Зачем мне ехать через две недели на совторгфлотском пароходе, вкрадчиво осведомляется он. Не лучше ли мне записать за собой каюту на курьерском пароходе «Ниппон-Юсен-Кайся», маршрут Цуруга — Владивосток. Мне будет предоставлено максимальное количество удобств, радио, развлечения, игра в мяч, уроки бокса, танцы от пяти до шести. Лучшая в мире вышколенная прислуга, какой, кроме Японии, я не найду нигде. Каждый лакей на пароходе окончил специальный университет.
— Как? Университет? — восклицаю я.
— О да! Лучшие специалисты дела читают там лекции. Это университет прислуги, содержимый нашей фирмой в Иокогаме. Он имеет два основных цикла — лакейский и поварской. Там есть такие дисциплины: учение об этикете, наука о составлении меню, искусство обращения с пассажирами, логика и психология лакейского ремесла…
— Нет, нет, — отвечаю, угнетенный этим славословием восторженной рекламы, — хотя, конечно, университет для лакеев — это чертовски шикарно.
Я отворачиваюсь от него и подхожу к окну. За окном стелется и выпирает к небу Япония настоящая. Над городом подымается дым, застилая снежное сверкание далекого Камага-Такэ. Залив — уныло-голубой, по нему, виляя веслами, ползут сампаны.
Однако гость мой не уходит. Я чувствую его за своей спиной.
— Хотите ли вы совершить путешествие вокруг всей Японии? — слышу я его голос.
ЗАКЛЮЧЕНИЕ
Дом австралийца Карпенделя стоит возле Дежневской фактории. Я остановился там по дороге в бухту Лаврентия. Сам австралиец уехал в прошлом году в Америку. Дом его заброшен и расколот зимними морозами. В одной из комнат эскимос Анагак устроил жилье для своей семьи, с линючими оленьими шкурами и светом масляных плошек. Анагак показал мне деревянный ящик, где были сложены английские книги Карпенделя, Моисеево Пятикнижие, лоция Южно-Китайского моря и романы Марии Корелли. На дне ящика лежал старый сборник морских баллад. Заглавный лист был кем-то вырван, и имя автора осталось мне неизвестным. С каждой страницы этой книги дул холодный океанский сквозняк. Книга передавала старинные рассказы в стихах. В них было уверенное однообразие и тяжелодумный английский юмор.

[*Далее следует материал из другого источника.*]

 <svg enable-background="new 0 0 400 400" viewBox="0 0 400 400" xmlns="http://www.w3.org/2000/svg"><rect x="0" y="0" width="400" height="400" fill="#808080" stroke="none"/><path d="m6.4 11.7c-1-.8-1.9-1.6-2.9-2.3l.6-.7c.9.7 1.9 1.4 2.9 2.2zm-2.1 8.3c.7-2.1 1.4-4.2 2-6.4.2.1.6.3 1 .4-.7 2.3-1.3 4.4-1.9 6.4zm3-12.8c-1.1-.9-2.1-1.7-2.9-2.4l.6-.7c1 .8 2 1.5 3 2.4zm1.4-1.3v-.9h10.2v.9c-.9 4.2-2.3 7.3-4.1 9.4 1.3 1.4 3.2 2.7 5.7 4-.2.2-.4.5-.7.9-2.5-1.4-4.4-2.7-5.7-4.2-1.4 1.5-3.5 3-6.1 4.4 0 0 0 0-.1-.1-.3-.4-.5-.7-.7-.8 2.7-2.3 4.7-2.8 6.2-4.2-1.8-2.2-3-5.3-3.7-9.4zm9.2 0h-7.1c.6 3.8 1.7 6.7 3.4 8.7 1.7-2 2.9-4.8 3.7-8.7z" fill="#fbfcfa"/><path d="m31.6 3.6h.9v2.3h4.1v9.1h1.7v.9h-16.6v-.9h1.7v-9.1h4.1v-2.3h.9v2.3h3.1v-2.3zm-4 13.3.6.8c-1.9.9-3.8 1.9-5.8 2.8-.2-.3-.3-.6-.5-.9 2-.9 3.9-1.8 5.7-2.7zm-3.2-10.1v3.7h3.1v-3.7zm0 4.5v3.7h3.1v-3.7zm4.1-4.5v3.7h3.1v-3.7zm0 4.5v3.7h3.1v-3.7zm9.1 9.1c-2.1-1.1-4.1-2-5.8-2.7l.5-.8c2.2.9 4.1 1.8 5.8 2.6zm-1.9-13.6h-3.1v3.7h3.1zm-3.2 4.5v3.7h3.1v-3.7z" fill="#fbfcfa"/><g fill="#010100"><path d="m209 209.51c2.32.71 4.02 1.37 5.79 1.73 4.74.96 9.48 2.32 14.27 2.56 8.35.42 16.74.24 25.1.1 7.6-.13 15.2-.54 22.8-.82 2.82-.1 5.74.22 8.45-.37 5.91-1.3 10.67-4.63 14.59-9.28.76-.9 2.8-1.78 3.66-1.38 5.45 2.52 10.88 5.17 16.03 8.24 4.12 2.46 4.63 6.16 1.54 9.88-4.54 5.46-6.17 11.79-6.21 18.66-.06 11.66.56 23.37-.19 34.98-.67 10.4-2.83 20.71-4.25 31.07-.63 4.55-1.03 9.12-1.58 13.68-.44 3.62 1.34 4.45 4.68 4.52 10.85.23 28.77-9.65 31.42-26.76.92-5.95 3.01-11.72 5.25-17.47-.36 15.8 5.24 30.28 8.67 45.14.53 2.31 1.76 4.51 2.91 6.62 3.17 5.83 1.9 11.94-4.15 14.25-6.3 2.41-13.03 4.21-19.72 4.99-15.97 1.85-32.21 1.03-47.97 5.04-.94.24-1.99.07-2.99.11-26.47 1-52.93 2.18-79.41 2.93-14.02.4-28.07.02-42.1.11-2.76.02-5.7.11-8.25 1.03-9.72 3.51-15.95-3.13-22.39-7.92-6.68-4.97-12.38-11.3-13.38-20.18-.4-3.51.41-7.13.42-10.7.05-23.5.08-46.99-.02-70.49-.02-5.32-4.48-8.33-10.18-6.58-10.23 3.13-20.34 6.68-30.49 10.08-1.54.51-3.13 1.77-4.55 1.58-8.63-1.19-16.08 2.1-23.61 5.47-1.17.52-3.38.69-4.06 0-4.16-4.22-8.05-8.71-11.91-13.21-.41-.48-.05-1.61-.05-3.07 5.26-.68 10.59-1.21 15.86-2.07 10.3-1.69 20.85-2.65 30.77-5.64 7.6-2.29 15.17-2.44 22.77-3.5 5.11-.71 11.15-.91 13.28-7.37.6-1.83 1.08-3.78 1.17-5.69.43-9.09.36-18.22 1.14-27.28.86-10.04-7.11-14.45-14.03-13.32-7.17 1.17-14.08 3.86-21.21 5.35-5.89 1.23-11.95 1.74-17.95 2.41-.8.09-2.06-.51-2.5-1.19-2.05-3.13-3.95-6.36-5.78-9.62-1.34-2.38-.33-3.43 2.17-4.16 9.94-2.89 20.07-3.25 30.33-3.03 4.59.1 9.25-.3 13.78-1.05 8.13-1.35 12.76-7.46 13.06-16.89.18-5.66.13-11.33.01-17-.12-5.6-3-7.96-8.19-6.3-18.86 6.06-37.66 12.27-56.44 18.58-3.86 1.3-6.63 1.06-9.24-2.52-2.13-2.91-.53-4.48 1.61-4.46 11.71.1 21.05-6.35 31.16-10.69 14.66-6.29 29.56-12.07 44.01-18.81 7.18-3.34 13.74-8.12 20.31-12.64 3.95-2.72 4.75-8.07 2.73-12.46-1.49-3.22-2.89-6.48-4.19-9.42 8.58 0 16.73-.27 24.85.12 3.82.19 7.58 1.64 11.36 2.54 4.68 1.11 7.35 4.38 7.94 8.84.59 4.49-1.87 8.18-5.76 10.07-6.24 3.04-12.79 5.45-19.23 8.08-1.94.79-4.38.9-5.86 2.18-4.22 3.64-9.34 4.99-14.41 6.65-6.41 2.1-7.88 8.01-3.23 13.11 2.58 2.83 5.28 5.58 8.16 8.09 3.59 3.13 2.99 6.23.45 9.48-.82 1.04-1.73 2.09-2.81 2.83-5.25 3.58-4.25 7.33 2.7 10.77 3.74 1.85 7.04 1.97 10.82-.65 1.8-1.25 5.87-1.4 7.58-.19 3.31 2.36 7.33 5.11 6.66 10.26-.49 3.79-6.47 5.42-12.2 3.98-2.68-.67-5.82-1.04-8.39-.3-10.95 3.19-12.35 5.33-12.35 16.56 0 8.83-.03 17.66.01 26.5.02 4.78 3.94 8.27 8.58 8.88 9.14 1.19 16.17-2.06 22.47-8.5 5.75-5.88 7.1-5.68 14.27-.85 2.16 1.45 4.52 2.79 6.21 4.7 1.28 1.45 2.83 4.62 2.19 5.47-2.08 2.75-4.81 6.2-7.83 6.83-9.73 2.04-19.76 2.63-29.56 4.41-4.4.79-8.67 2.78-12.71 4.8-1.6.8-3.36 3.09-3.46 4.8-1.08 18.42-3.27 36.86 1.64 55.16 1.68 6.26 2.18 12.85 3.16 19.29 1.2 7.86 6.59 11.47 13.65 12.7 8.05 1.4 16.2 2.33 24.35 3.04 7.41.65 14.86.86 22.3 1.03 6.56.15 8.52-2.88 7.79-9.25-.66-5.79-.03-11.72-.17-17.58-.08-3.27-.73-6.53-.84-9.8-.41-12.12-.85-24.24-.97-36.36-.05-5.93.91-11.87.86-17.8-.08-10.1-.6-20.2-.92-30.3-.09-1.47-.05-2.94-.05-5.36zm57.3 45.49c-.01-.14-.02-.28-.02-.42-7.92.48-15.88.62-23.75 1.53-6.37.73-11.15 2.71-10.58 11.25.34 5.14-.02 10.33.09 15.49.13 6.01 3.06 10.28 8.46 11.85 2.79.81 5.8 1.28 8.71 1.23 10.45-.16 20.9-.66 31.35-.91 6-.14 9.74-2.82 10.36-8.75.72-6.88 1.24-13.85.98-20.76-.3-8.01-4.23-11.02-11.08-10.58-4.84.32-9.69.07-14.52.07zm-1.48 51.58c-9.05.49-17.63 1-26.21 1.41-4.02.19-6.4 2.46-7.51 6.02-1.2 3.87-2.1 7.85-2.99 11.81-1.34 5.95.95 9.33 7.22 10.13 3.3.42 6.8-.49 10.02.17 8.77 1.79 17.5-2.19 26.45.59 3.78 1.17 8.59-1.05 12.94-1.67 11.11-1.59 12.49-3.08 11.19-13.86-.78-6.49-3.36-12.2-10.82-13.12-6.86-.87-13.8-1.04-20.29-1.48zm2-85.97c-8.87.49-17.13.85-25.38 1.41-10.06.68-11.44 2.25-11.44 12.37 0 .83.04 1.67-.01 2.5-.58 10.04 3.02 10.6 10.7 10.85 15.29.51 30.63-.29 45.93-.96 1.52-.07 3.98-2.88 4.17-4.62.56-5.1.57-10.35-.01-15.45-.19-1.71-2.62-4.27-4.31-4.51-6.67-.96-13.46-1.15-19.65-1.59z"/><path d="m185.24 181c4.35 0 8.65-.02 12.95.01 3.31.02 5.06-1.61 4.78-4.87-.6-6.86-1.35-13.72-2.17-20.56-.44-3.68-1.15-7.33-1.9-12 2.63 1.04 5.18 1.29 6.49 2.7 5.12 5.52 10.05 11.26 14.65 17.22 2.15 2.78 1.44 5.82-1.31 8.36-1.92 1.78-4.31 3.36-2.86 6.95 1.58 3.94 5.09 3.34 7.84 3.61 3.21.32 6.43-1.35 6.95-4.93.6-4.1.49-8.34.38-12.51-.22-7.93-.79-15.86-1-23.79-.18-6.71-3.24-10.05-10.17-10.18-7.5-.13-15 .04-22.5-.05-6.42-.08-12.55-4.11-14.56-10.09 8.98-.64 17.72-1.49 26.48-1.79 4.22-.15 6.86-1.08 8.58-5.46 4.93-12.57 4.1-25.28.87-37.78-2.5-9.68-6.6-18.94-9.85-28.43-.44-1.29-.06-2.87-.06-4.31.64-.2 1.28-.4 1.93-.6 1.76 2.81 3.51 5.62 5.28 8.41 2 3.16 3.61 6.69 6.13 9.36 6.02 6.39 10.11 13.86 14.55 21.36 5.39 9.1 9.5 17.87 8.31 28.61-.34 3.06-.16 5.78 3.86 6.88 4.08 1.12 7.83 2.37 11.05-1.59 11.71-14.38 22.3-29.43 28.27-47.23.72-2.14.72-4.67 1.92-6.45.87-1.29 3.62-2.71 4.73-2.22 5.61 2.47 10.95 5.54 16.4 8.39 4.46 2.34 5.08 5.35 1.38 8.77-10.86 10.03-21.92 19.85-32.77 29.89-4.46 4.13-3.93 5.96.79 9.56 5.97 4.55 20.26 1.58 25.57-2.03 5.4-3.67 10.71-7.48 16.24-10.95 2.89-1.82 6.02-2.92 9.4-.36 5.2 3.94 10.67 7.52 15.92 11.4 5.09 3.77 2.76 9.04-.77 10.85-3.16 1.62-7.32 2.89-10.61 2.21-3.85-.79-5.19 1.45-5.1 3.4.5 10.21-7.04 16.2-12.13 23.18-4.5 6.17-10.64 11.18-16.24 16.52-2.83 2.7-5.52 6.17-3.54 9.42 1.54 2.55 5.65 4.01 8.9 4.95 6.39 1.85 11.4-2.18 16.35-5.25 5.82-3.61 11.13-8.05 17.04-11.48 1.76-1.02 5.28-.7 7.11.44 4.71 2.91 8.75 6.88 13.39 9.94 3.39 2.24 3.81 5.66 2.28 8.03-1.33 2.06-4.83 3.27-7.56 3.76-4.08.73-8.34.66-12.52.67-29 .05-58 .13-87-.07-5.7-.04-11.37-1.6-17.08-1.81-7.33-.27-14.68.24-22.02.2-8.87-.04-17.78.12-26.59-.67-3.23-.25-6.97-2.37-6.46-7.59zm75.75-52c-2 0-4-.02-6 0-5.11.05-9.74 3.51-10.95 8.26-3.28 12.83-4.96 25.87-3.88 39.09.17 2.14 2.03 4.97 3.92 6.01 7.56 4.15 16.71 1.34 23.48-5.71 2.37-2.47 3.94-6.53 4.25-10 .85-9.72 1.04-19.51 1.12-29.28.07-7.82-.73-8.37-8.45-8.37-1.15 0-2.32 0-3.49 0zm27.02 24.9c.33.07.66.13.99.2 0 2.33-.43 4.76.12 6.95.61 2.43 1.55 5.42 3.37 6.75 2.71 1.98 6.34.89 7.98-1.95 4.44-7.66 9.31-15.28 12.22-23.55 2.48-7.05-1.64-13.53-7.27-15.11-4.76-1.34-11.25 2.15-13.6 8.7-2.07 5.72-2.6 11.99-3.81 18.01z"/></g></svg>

Мое внимание в особенности обратила длинная баллада, в которой говорилось о соперничестве старых океанских парусников.
По-видимому, было во мне какое-то предрасположение к «романтической болезни», и эти стихи попали на благоприятную почву. Я не смог от них избавиться. Они преследовали меня деспотически, назойливо и невыносимо. Я читал их и повторял до отупения, вдыхая плещущие приступы небывалых бурь, запах моря на выдуманных вахтах, под музыку и гул несуществующих портовых трактиров, видя перед собой призрачные ряды водочных бутылок и патриархальных пьяниц, один взгляд на которых вызывал в памяти детство, дом и рождественского гуся.
Вечером Анагак жег костер на мысу, в честь ухода последних льдин. Эскимосы плясали и били в гулкие бубны, хлюпая подошвами по болотистым кочкам тундры. Это были люди, приехавшие из Наукана за товаром на русскую факторию.
Я долго стоял у костра, слушая их лающий и стучащий вой. Потом я устал и вернулся в дом. Анагак пошел за мной, бормоча бессвязные слова на туземно-английском жаргоне. И тогда я узнал, что он сжег в костре книги Карпенделя.
— Я боялся. Однако, очень страшны русские люди, — сказал он, преувеличенно смеясь и кривляясь. — Я боялся — они будут бить эскимоса: зачем держал письмо американца.
Его улыбка была слишком глупа и откинутая шея слишком открыта, чтобы в слова его можно было поверить. Для этого он не был достаточно простодушен. Мне пришло в голову, что сожжение книг скрывало в себе какой-то обряд. Может быть, то, что я нашел книги, связалось в его воображении с представлением о безопасности его семьи. Он был суеверен, как европеец, и недоверчив, как дикарь, для которого в мире нет ничего неизбежного, а все случайно, и, как дикарь, он должен был поддаваться страшной игре подсознательного. Быть может, он боялся, что душа Карпенделя, сохранившаяся в книгах, унесет его ребенка.